To keep stuck jobs from running excessively long:
- First, try setting Optional Settings > Request timeout (secs) – whose default of
0
means “wait forever” – to a desired maximum duration. - If adjusting Timeout (secs) does not fix the problem, try the global setting Job Timeout – whose default of
0
allows a job to run indefinitely – to a desired maximum duration. You’ll find Job Timeout among the task manifest and buffering limits.
Using these settings in tandem works like this:
- Timeout (secs) limits the time that Cribl Stream will wait for an HTTP request to complete.
- Then, if a job gets stuck and keeps running beyond that limit, Job Timeout can catch and terminate the job, because it monitors the overall time the job has been running.
Error Message: TypeError [ERR_INVALID_URL]
The full text of this error message:
"reason.stack == `TypeError [ERR_INVALID_URL]: Invalid URL: https%3A%2F%2Ftype.fit%2Fapi%2Fquotes" at onParseError (internal/url.js:258:9)"
Cause: This error message is caused by unnecessarily encoding the Discover/Collect URL.
Recommendation: To fix this error message, remove the encoding function for the URL. You will rarely need to encode URLs. When they do, you should only encode the parts that need it. Otherwise, you will see this error because the entire URL is encoded unnecessarily.

Error Message: “statusCode: 429…Too many requests”

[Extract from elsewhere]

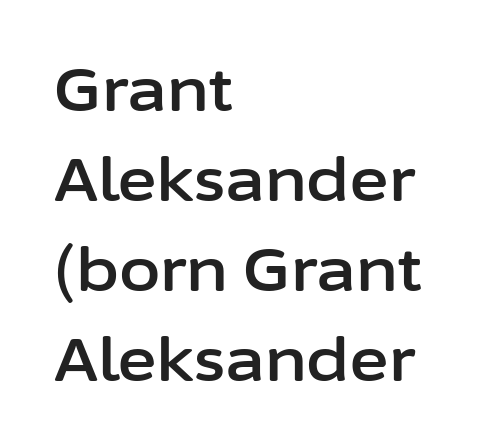
You could call the tracking neutral — neither tight nor loose. If you measured baseline to baseline, you'd find a middling distance. Check where the strokes stop: nothing finishes them off — pure sans. These lines are rendered in a variable-pitch font. Notice how the passage keeps a crisp vertical edge on the left only. The area under the type is left untouched.

Cause: This error message response is triggered by rapidly repeated requests from the Collector’s Discover and Collect phases. It’s especially likely when different Workers run multiple Collect tasks.
Recommendation: Gradually increase the Login rate limit threshold until you no longer receive this error response. On the Leader or a Single-instance deployment, access this option at Global Settings > General Settings > API Server Settings > Advanced. In a Distributed deployment, select Manage, select the Worker Group, and then navigate to Group Settings > General Settings > API Server Settings > Advanced.